‘Keep On Keepin’ On’ is one of the best films of the decade. It chronicles the life of legendary jazz trumpeter Clark Terry (age 89 at the time of filming) focusing on a period when he was battling diabetes-related complications while working with his young protege, pianist Justin Kauflin (then age 23). There are two relationships in play here between Terry and Gwen, his wife, and Terry and his student, both reflecting a sincere bond of love, courage, compassion and friendship that rarely appears on the screen.

Kauflin, who lost his vision at the age of 11 to a rare retinal condition, often stayed up with his mentor into the early morning, studying melody and rhythm. Terry has also lost most of his vision as a result of diabetes. Some days, when Terry wasn’t able to sit up, they worked as he lay in bed. Living in Virginia Beach with his family, Kauflin is seen making regular visits to his teacher’s home in Pine Bluffs, Ark.

The film points out with humor how the older musicians in Terry’s hometown of St. Louis were not eager to help him. “They told me when I play to sit straight, grit my teeth and wiggle my ears,” he said. At that moment, he promised he would always help young musicians.

His first student was a 12-year-old named Quincy Jones, who appears in the film. Said Terry, “Quincy was so skinny, if he stood sideways, he would be marked absent.”

Over the years, Clark has mentored many students, including Miles Davis (there is a filmed interview with Davis), Herbie Hancock and Dianne Reeves, who offer inspiring accounts of their mentor. Terry had a chair in the Count Basie, Duke Ellington and Quincy Jones big bands in the late 1940s and 1950s. He later hit a high note as the first Black musician in the Tonight Show Band with Johnny Carson.

“Keep On Keepin’ On” was five years in the making and is the debut for director and co-screenwriter Alan Hicks, who came to the United States from Australia to make this film. As a young drummer, he was also Terry’s student.

The audience visits the Terrys at their home, the hospital and Washington, D.C., at the Thelonious Monk International Jazz Competition. As Terry and Kauflin talk about dreams, the elder musician stated, “Dreams change. My new dream is helping young people with the music, simplicity.” We see the fears and triumphs of the duet as they share their touching uptempo song of musical notes and life’s complexities.

“Keep On Keepin’ On” is currently playing in Manhattan at the Lincoln Plaza Theaters (1886 Broadway) and the Landmark Sunshine Theater (143 E. Houston St.).

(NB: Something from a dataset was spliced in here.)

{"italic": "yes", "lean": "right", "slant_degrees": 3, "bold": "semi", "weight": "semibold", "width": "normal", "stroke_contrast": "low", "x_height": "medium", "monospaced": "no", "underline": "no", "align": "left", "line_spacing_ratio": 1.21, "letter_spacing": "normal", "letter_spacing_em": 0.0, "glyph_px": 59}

For times, check theater schedules.

The Ravi Coltrane Quartet was a burning force during their recent stand at the Village Vanguard. The group included pianist David Virelles, bassist Dezron Douglas, drummer Jonathan Blake and Coltrane on saxophones. They opened with a fierce interpretation of Thelonious Monk’s “Espistrophy.” The 10-minute excursion kept the audience on the edge of their seats as Virelles played deep, blossoming chords while Blake dropped rapid torpedoes intertwined with walking basslines and Coltrane’s blistering sax improvisations.

It was already quite evident, but on an intense, reconstructed sermon of “Lush Life,” the saxophonist demonstrated that he is his own Coltrane, which, coming from Alice and John, is no easy task. Yes, like his parents, he is secure in forging his own daring path, but his sound and style is all Ravi.

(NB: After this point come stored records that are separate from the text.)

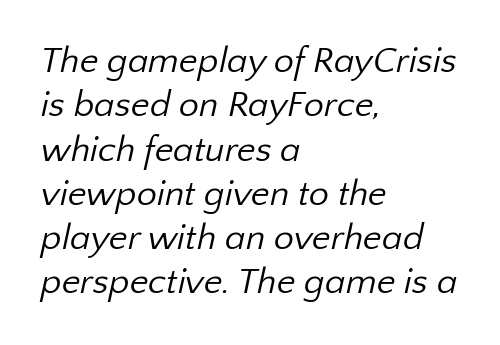
Q: Is the text bold? A: No.
Q: Is the typeface a serif or a sans-serif typeface? A: Sans-serif.
Q: Is the text underlined? A: No.
Q: How is the paragraph aligned? A: Left-aligned.
Q: Is the spacing between letters normal or unusually wide? A: Normal.
Q: Width (condensed, normal, or wide)? A: Normal.
Q: Stroke contrast? A: Low.
Q: x-height? A: Medium.
Q: Monospaced? A: No.
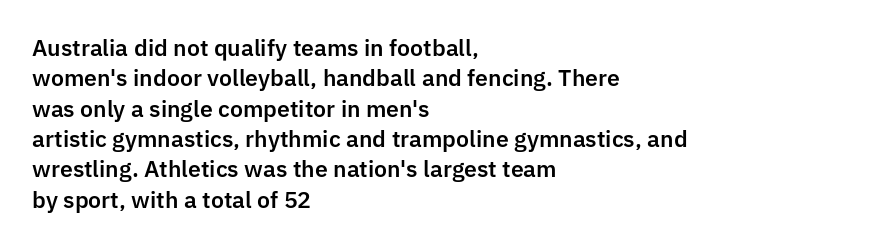
Descenders are the only things crossing below the line. The paragraph has a hard left edge and a soft right edge. Nothing unusual about the tracking: characters are spaced as the font intends. Vertically, the passage feels balanced, rows spaced as you'd expect. If you drew a line through each stem, it would be perfectly vertical.

For “Lush Life,” Coltrane put down the tenor and took to the sopranino, a smaller, less known instrument similar to a soprano saxophone. After his intense, extended sermon of “Lush Life,” loud cheers and the term “wow” floated above. “I don’t know why musicians don’t play this sopranino,” said Coltrane. “I really like playing it.”

Like his father, he has added his unique interpretation to this well-traveled song. Coltrane and his abled musicians have a knack for bringing new perspectives to known songs when they aren’t introducing originals with the same spirited results.

Chick Corea and the Vigil recently enjoyed their engagement at the Blue Note. The Vigil is Corea’s new ensemble with new music and fresh arrangements for his classics. The ensemble includes Tim Garland on saxophone, flute and bass clarinet; Charles Altura on acoustic and electric guitar; Carlitos Del Puerto on acoustic and electric bass; drummer Marcus Gilmore; percussionist Luisito Quintero; and Corea on piano and keyboards.

“It’s a great new band with wonderful young musicians that I can learn a lot from. This will be a new adventure I am looking forward to,” said Corea.

It was a new world adventure for the audience with a bassist from Cuba, percussionist from Argentina and guitarist from London. The music shifted gears from straight-ahead to fusion and an underlining distinction of Latino rhythms. The intensified energy of the group reverted back to those spontaneous moments of Return to Forever.

Corea loves the music and is creative enough to venture into the fresh high waves. “Chick keeps us fired up and always gives us an open forum to express ourselves on stage,” said Gilmore.